Stress da lavoro? Risponde il datore di lavoro anche se non c’è mobbing
Non occorre provare l'intento vessatorio, il datore deve astenersi da iniziative che ledono la personalità morale del lavoratore, come la creazione di condizioni lavorative stressogene.
Il datore di lavoro è responsabile per i danni alla salute causati al dipendente da un ambiente lavorativo troppo stressante, anche in assenza di atti qualificabili come mobbing.
Questo è quanto precisato dalla Cassazione Civile, Sezione lavoro, nell'ordinanza 19 gennaio 2024, n. 2084 (testo in calce).
Il caso
La sentenza in esame riguarda la richiesta risarcitoria avanzata da un lavoratore nei confronti del datore di lavoro, diretta ad ottenere un ristoro a causa delle sofferenze psichiche patite in ufficio.
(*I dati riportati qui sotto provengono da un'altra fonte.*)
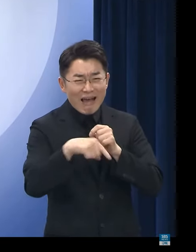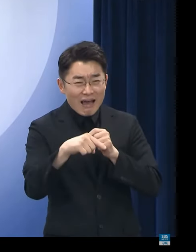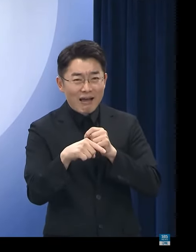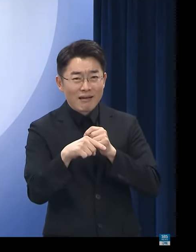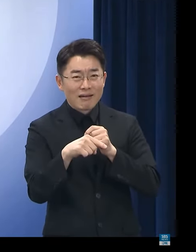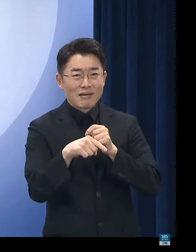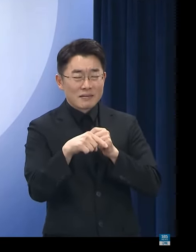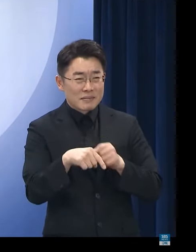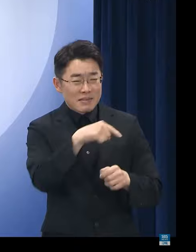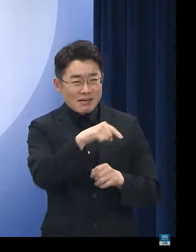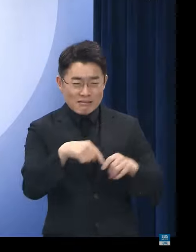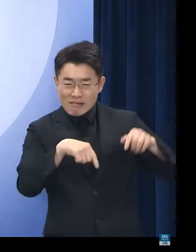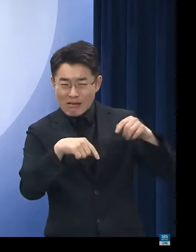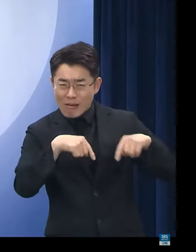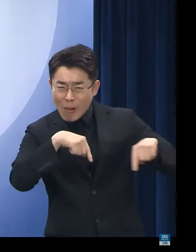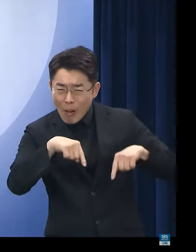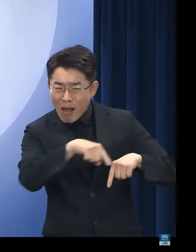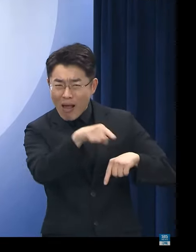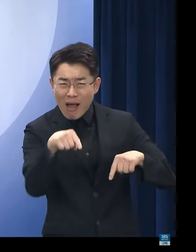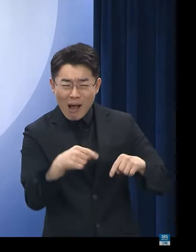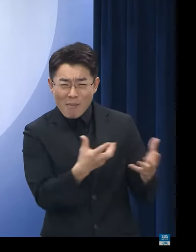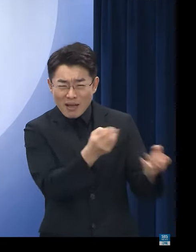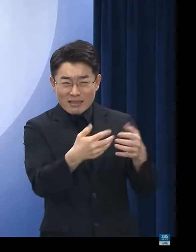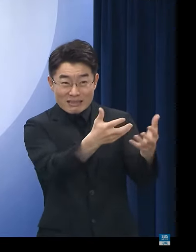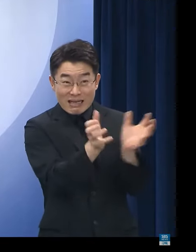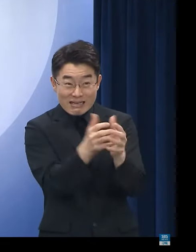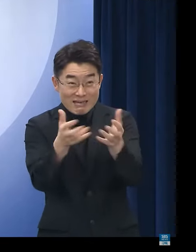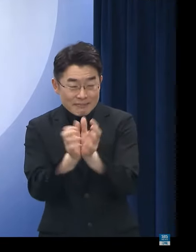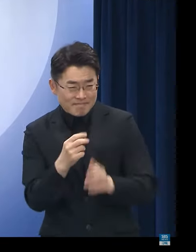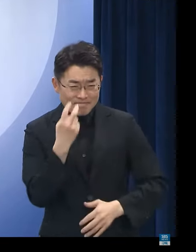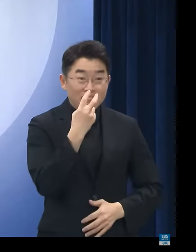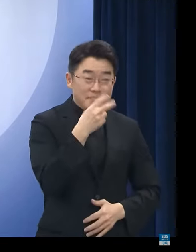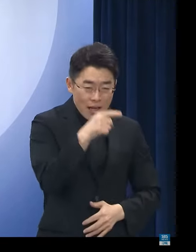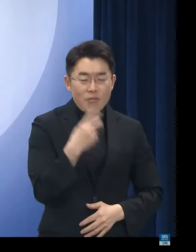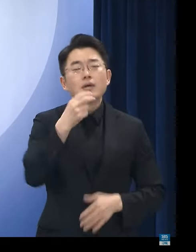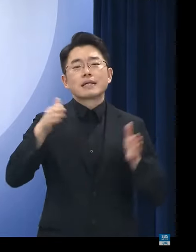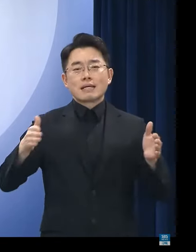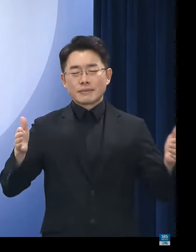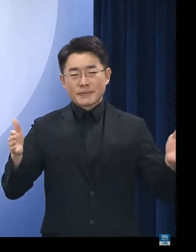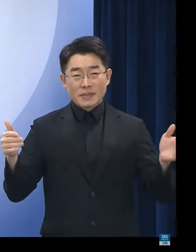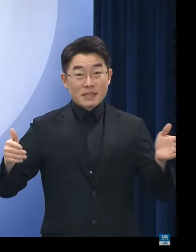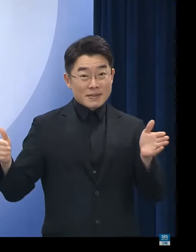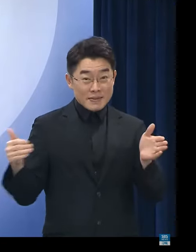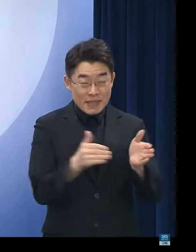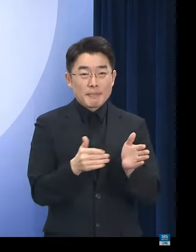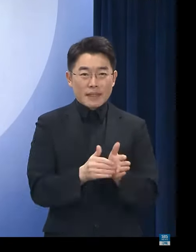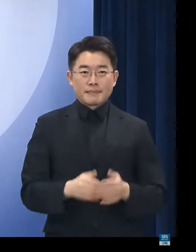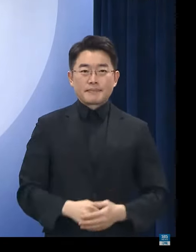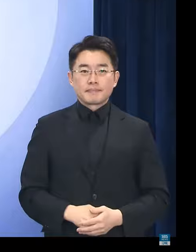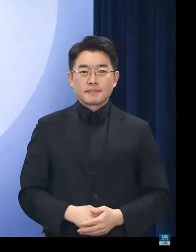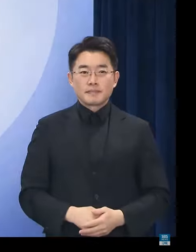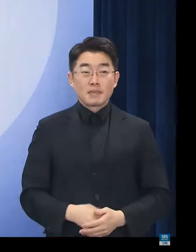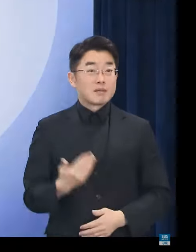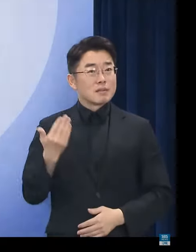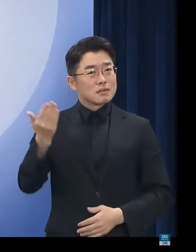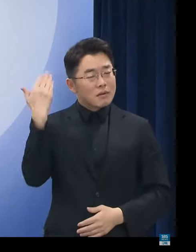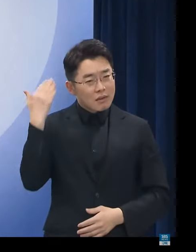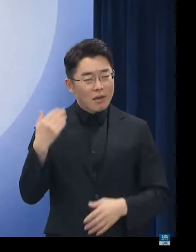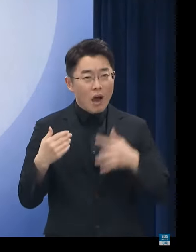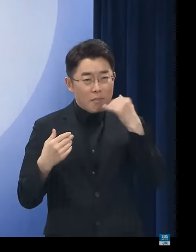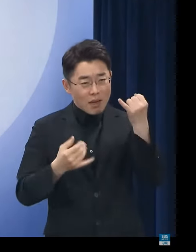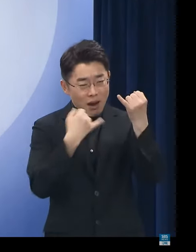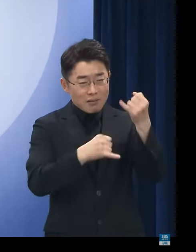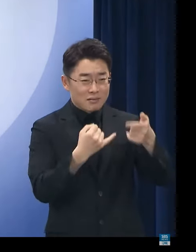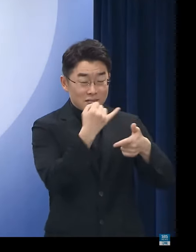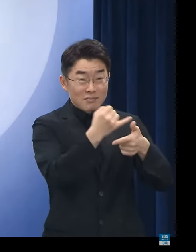범죄 수사 기간을 대폭 단축할 수 있었습니다. 예를 들어서 세모녀 사건을 15개월에 걸쳐서

La domanda risarcitoria era stata accolta in primo grado ma respinta in appello.
La Corte territoriale aveva rigettato la pretesa non avendo riscontrato l'intento persecutorio che rappresenta un elemento costitutivo del mobbing.
Avverso tale pronuncia, il dipendente aveva proposto ricorso per cassazione.
La decisione
Nell'esaminare il caso in oggetto, la Suprema Corte ha innanzitutto evidenziato la sussistenza dell'obbligo del datore di lavoro di astenersi da adottare scelte o comportamenti lesivi, già di per sé, della personalità morale del lavoratore, come l'applicazione di condizioni di lavoro stressogene, oltre a tenere comportamenti più gravi come mobbing, straining, burn out, molestie, stalking.

Secondo le regole generali sugli obblighi risarcitori conseguenti a responsabilità contrattuale, è configurabile la responsabilità del datore di lavoro anche nel caso di un mero inadempimento che rientri in nesso causale con un danno alla salute del dipendente.
Orbene, ad avviso della Cassazione, la Corte territoriale avrebbe dovuto valutare, anche in assenza di un intento persecutorio, le varie condotte singolarmente, alla luce della violazione dell'art. 2087 cod. civ.
Tale circostanza era stata esclusa nella sentenza impugnata, in ragione dell'accertata insussistenza di un comportamento programmaticamente e volontariamente vessatorio.
La motivazione della Corte territoriale è perciò contraddittoria visto che, se da una parte viene riconosciuto il disturbo del lavoratore, determinato dallo stress correlato al lavoro, dall'altra parte non ha considerato la domanda dello stesso ricondotta alla violazione dell'art. 2087 cod. civ.
E' noto che il lavoratore che agisce per ottenere il risarcimento dei danni causati durante lo svolgimento dell'attività lavorativa non ha l'onere di provare le omissioni datoriali nella predisposizione delle misure di sicurezza, ma spetta al datore di lavoro dimostrare di avere adottato tutte le cautele necessarie ad impedire il verificarsi del danno.
Dunque, una volta accertato il danno, la nocività dell'ambiente di lavoro, nonché il nesso tra i due elementi, il diritto al risarcimento del danno non è eludibile.
Nella vicenda esaminata, il Giudice di appello ha dato atto che era stato provato un danno alla salute, scaturito dalle condizioni lavorative, come certificato prima dall'INAIL, poi dalla CTU disposta nel giudizio di merito.
Secondo la Cassazione, il giudice di merito non ha valutato le varie condotte poste in essere dal datore di lavoro che, anche in assenza di comportamenti intenzionalmente vessatori nei confronti del lavoratore, possono essere state esorbitanti od incongrue rispetto all'ordinaria gestione del rapporto, e così poste in violazione dell'art. 2087 cod. civ. anche eventualmente sotto il profilo della contribuzione causale alla creazione di un ambiente logorante e determinativo di ansia, quindi causative di pregiudizi per la salute.
In conclusione, la Suprema Corte ha cassato la sentenza impugnata in relazione al motivo accolto con rinvio alla Corte d'Appello che, in diversa composizione, dovrà procedere ad un nuovo esame e provvedere anche in ordine alle spese del giudizio di legittimità.